--- Task material Enclosed Below ---

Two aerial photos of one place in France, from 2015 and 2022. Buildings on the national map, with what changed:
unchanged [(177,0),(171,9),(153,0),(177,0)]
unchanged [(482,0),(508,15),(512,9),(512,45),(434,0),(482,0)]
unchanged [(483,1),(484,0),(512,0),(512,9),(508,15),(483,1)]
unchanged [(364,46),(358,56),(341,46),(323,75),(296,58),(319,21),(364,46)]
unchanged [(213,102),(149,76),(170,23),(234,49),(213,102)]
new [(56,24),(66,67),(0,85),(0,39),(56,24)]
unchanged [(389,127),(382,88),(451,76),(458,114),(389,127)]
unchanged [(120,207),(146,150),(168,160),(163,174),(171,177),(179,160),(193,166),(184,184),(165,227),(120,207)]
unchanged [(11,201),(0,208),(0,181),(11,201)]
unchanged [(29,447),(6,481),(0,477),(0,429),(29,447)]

--- End of Enclosed Task material ---
--- Task material Enclosed Below ---

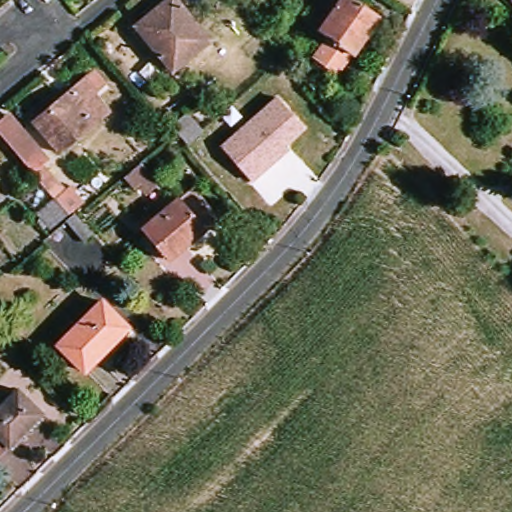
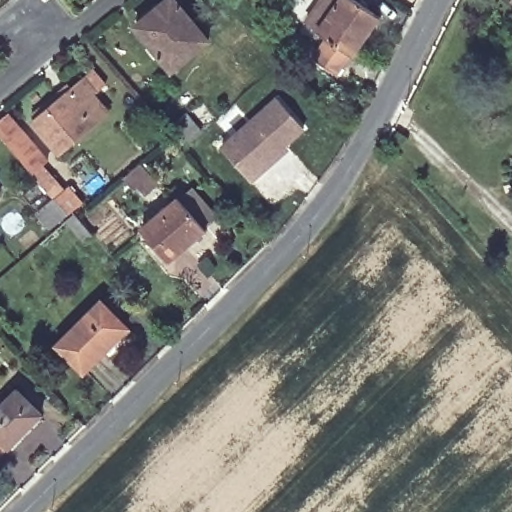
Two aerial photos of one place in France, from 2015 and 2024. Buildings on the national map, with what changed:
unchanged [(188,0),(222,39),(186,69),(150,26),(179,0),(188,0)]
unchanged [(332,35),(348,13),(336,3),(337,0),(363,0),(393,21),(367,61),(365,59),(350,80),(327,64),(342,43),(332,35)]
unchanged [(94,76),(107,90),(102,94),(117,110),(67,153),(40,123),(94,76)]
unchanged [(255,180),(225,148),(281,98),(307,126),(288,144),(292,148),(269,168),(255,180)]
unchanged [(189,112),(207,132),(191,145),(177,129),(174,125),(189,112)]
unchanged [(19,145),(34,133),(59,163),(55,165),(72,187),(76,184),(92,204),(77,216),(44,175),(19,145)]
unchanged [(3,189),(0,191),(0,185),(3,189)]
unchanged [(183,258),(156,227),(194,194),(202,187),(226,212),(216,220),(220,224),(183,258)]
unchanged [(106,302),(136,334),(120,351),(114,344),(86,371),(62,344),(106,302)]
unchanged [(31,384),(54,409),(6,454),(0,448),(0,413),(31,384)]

--- End of Enclosed Task material ---

Task —
Take every line above that includes "aerial" and list it.

Answer area —
Two aerial photos of one place in France, from 2015 and 2022. Buildings on the national map, with what changed:
Two aerial photos of one place in France, from 2015 and 2024. Buildings on the national map, with what changed:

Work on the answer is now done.